UConn Health started its Colon Cancer Prevention Program a decade ago. Dr. Joel Levine, one of the co-founders, describes how what started as a novel approach to the disease is becoming a mainstream concept.
What makes the Colon Cancer Prevention Program successful?
The idea of prevention is what’s novel. There aren’t any other prevention programs that do what we do. If you Google “colon cancer prevention program,” we come out as the top listed patient centered resource.
Our process is very longitudinal. It’s not a one and done. We follow more than 6,000 people who return, at least annually, for both the latest information and for modulating their level of risk. Lowering risk is what we, the patient and Program, do. We are always learning how to do that more effectively. Indeed, we have not seen a colon cancer develop in someone who has been in the Program in about eight years. Put another way, if you come to us without colon cancer, we start by identifying risk and, then, follow you accordingly. If we reduce whatever risk level you have, we have not had a patient develop colon cancer on our watch.
The exceptions, so important to us, are patients who, on first visit, we find have colon cancer. Many patients are referred because of a positive FIT test (fecal immunochemical test). We introduced the quantitative FIT test to UConn Health and continue to study the test, over time, as an early marker for polyps or cancer. We work with the wonderful genetics group to identify those patients and families with inherited risk. Very few patients who have colon cancer in the family have actual inheritable risk (3 percent) but they are important to identify. These patients are followed closely, expecting them to develop colon cancer as a risk of their disease. We cannot as of yet prevent it in those inherited risk families, but we still can take steps to reduce risk by about half.
Prevention chose our program to feature in its “Guide to Preventing Disease” in its April issue. What do you see as the implications of that?
This is one of the largest magazine readerships in the world. The increasing recognition of a program dedicated to prevention is encouraging. Therefore we are at the tip of that spear and grateful to the Neag Comprehensive Cancer Center for supporting us from the outset.
We have a program whose purpose is to think about the disease. We are migrating from just doing colonoscopy, which is still important, to what do you do before and after the colonoscopy—how you define risk and how you then modulate the risk—and that’s prevention. In recent conversations with Dr. Dorado Brooks, who leads the colon cancer division of the national American Cancer Society, we plan to forward this more broad-based and lifelong strategy to lower the frequency and mortality of this disease.
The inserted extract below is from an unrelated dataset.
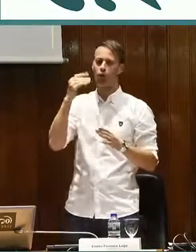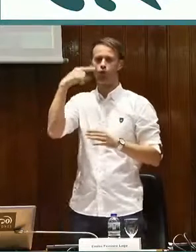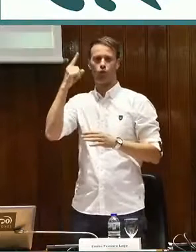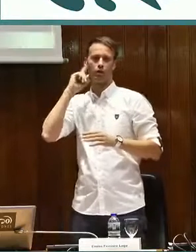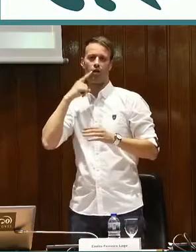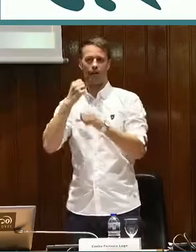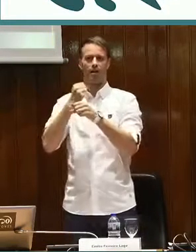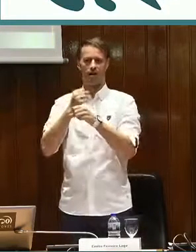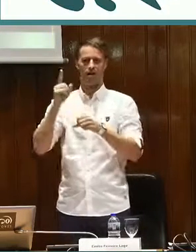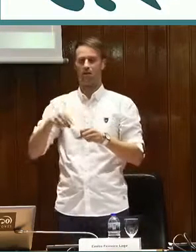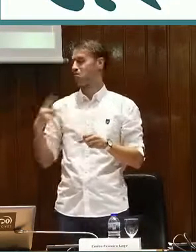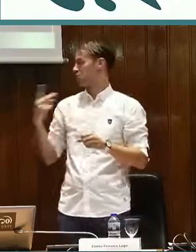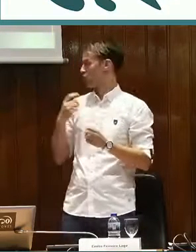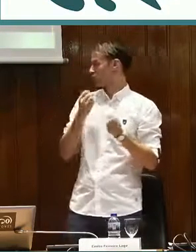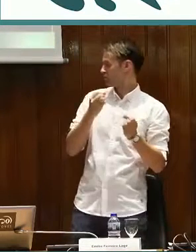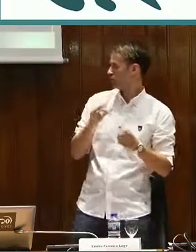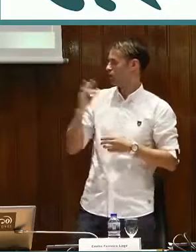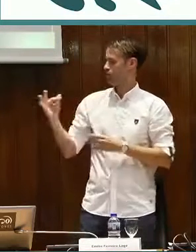que venimos haciendo desde hace mucho tiempo.

The evidence is emerging and our approach that combines the latest in scientific thought to patient care is shaping how we see the problem and solution.
What’s happening on the academic side?
We are publishing and hoping to influence thought. I just co-wrote an editorial for a leading GI journal with Dr. Joseph Anderson [former UConn Health colleague, now at Dartmouth] in which we discuss a particular type of colon cancer pathway. The emphasis is on how long it takes for that pathway to go from one level of risk to another. Young people can have polyps in that pathway but do not commonly develop colon cancer; it is only when they are much older do you see the colon cancers appear, so you have a long period of time in which the disease evolves. There are even specific risks, because this pathway involves DNA methylation, a biologic process that can silence key genes. This occurs progressively as you get older but can be increased cigarette smoking, a behavior we really fuss about. Dr. Anderson’s study of smoking risk, begun here, is very well recognized and regarded.
How has the approach to mitigating colon cancer prevention evolved over the program’s 10 years?
It’s really colonoscopy-plus, with super-sensitive blood stool testing, better understanding of the colon’s microbiome, and an ever-growing knowledge of modifiable risk factors. In this regard, Dr. Ethan Bortniker, who directs new approaches in clinical research, studies how other lifestyle factors (cardiovascular health, metabolic fat in the liver) influence colon polyps and cancer. Our patients know this and are proactive participants in their own well-being. They fastidiously stick with the program.
Overall the colon cancer attack rate is still low. If you have a 5 percent attack rate in a disease, your anxiety says, “Show me I don’t have the disease.” We hope to focus more on those who are likely the 5 percent. Early prediction of biologic and then clinical risk is the name of the game. Dr. Dan Rosenberg, who is the director of our basic research, is a leading authority and invaluable to our clinical approach. We hope to be able to understand the biology of early cancer risk and keep it from becoming a clinical reality. So far, we are making progress.